How to Engage Your Readers? Generating Guiding Questions to Promote Active Reading
- URL: http://arxiv.org/abs/2407.14309v2
- Date: Mon, 29 Jul 2024 01:19:12 GMT
- Title: How to Engage Your Readers? Generating Guiding Questions to Promote Active Reading
- Authors: Peng Cui, Vilém Zouhar, Xiaoyu Zhang, Mrinmaya Sachan,
- Abstract summary: We introduce GuidingQ, a dataset of 10K in-text questions from textbooks and scientific articles.
We explore various approaches to generate such questions using language models.
We conduct a human study to understand the implication of such questions on reading comprehension.
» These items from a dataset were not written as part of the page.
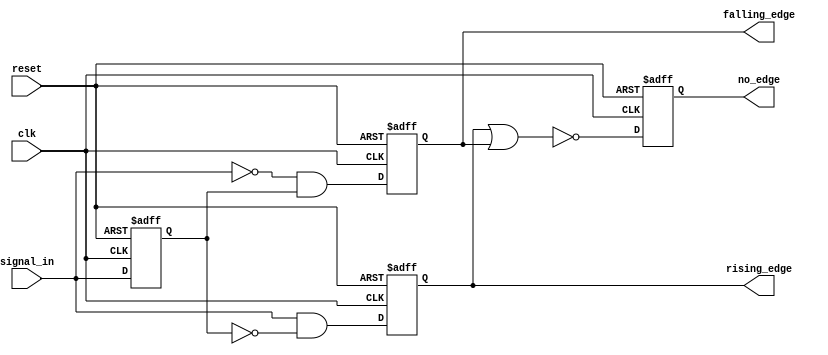
module differential_edge_detector (
    input wire clk,               // Clock signal
    input wire reset,             // Reset signal
    input wire signal_in,         // Input signal to be monitored
    output reg rising_edge,       // Rising edge output
    output reg falling_edge,      // Falling edge output
    output reg no_edge            // No edge output
);

    // Memory block to hold the previous state of the input signal
    reg previous_state;

    // Always block to handle edge detection and state storage
    always @(posedge clk or posedge reset) begin
        if (reset) begin
            // Reset condition
            previous_state <= 1'b0; // Initialize previous state to low
            rising_edge <= 1'b0;     // Clear rising edge output
            falling_edge <= 1'b0;    // Clear falling edge output
            no_edge <= 1'b1;         // Indicate no edge detected
        end else begin
            // Edge detection logic
            rising_edge <= (signal_in == 1'b1 && previous_state == 1'b0);
            falling_edge <= (signal_in == 1'b0 && previous_state == 1'b1);
            no_edge <= ~(rising_edge | falling_edge); // No edge if neither rising nor falling

            // Store the current state for the next clock cycle
            previous_state <= signal_in;
        end
    end

endmodule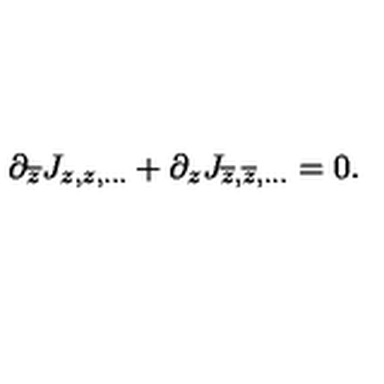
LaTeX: \partial _ { \overline { { z } } } J _ { z , z , . . . } + \partial _ { z } J _ { \overline { { z } } , \overline { { z } } , . . . } = 0 .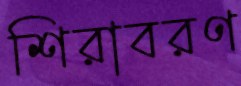
শিরাবরণ

- Score: 60.19226384241482
- License: http://creativecommons.org/licenses/by/4.0/
- Abstract: Using questions in written text is an effective strategy to enhance readability. However, what makes an active reading question good, what the linguistic role of these questions is, and what is their impact on human reading remains understudied. We introduce GuidingQ, a dataset of 10K in-text questions from textbooks and scientific articles. By analyzing the dataset, we present a comprehensive understanding of the use, distribution, and linguistic characteristics of these questions. Then, we explore various approaches to generate such questions using language models. Our results highlight the importance of capturing inter-question relationships and the challenge of question position identification in generating these questions. Finally, we conduct a human study to understand the implication of such questions on reading comprehension. We find that the generated questions are of high quality and are almost as effective as human-written questions in terms of improving readers' memorization and comprehension.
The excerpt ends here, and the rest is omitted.